-- Data extracted from a collection --
════════════════

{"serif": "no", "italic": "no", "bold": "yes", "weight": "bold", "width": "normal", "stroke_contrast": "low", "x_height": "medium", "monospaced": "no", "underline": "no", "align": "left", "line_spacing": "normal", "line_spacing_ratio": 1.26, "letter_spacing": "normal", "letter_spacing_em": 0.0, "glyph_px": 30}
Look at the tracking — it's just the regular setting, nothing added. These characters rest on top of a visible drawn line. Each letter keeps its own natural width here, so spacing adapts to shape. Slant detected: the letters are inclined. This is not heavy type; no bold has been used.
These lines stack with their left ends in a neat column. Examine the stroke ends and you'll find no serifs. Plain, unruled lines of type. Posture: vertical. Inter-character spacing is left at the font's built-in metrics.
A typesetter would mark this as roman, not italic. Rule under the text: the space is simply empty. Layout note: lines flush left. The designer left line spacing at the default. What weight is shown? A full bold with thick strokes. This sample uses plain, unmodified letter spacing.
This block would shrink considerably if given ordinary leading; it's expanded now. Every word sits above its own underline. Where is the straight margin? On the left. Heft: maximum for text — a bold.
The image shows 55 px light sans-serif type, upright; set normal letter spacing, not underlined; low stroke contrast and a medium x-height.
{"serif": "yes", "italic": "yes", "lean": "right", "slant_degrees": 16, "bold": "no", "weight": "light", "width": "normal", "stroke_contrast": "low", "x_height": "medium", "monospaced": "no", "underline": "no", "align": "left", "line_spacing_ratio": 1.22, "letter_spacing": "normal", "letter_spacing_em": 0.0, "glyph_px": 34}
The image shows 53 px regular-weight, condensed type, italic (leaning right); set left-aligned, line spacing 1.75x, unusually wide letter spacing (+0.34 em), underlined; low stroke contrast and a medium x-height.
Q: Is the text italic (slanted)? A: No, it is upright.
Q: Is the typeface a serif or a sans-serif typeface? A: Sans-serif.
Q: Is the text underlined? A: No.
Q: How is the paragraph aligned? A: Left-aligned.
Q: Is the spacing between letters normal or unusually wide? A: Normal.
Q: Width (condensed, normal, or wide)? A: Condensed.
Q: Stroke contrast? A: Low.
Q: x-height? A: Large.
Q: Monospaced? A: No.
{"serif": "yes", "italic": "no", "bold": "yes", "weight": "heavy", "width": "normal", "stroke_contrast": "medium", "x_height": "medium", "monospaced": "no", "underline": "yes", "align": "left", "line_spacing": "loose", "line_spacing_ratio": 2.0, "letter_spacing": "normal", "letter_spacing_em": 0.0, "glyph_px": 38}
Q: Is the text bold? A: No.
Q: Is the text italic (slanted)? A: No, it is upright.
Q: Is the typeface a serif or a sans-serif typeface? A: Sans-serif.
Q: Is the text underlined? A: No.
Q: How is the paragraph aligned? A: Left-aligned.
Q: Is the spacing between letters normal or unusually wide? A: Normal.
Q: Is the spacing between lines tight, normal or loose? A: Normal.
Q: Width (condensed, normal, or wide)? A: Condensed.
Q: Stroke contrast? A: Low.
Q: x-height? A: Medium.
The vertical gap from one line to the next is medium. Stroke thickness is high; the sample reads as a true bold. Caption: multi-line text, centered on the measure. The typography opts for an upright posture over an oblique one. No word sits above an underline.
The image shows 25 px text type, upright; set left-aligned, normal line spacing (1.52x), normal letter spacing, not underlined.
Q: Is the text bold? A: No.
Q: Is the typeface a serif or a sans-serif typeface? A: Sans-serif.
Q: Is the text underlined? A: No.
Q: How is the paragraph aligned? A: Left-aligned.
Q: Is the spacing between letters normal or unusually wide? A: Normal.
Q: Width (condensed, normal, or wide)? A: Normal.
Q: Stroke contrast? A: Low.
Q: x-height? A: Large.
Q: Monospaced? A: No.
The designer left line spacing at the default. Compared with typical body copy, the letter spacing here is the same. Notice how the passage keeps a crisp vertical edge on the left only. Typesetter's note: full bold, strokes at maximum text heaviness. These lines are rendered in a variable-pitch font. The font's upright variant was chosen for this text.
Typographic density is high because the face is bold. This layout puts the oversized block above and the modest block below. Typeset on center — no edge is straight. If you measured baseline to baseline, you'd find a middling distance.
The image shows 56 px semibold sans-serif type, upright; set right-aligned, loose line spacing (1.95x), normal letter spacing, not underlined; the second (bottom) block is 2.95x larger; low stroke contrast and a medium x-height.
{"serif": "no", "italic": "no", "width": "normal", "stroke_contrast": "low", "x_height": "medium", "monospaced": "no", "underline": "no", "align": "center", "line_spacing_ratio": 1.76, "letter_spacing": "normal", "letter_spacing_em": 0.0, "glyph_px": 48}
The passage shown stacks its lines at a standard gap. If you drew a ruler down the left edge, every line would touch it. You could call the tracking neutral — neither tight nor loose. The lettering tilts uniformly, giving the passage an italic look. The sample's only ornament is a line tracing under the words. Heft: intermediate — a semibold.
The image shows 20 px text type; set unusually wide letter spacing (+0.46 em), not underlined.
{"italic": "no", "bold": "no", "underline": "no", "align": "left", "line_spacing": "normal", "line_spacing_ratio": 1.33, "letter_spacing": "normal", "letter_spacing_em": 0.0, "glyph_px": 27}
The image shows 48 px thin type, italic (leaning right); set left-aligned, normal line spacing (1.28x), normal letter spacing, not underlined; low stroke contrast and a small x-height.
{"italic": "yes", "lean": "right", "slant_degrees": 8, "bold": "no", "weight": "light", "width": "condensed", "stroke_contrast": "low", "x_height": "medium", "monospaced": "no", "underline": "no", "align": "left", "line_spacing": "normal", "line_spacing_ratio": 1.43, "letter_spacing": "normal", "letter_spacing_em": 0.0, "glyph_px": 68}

════════════════

-- TASK DETAILS --
Lines that hold "find" are the ones to copy, so pick each out from the data.

-- EXERCISE ANSWER --
These lines stack with their left ends in a neat column. Examine the stroke ends and you'll find no serifs. Plain, unruled lines of type. Posture: vertical. Inter-character spacing is left at the font's built-in metrics.
Typographic density is high because the face is bold. This layout puts the oversized block above and the modest block below. Typeset on center — no edge is straight. If you measured baseline to baseline, you'd find a middling distance.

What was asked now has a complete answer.